**Data entries:**
══════

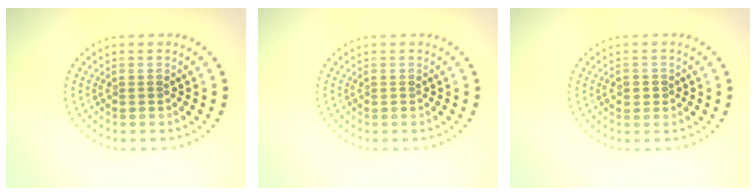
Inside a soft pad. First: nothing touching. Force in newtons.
{"total": 0.0}
{"total": 1.2, "press": 1.1, "slide": 0.3}
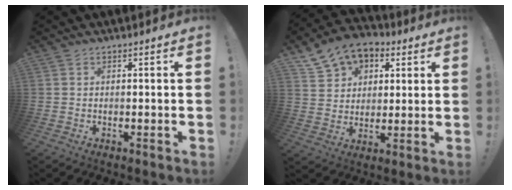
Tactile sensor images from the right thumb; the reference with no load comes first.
{"total": 11.2, "force": [6.3, 8.4, 3.9], "torque": [-0.067, -0.033, 0.127]}
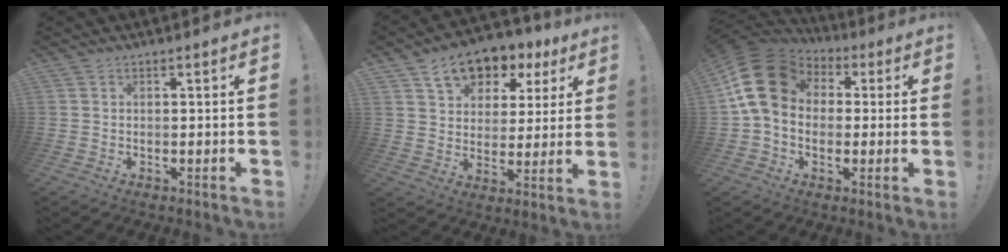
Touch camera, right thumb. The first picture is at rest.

══════

**Task statement:** From the line containing "Tactile sensor images" down to the final line of the records above, restate every line word for word, add nothing, and skip the pictures.

**Solution for this exercise:**
Tactile sensor images from the right thumb; the reference with no load comes first.
{"total": 11.2, "force": [6.3, 8.4, 3.9], "torque": [-0.067, -0.033, 0.127]}
Touch camera, right thumb. The first picture is at rest.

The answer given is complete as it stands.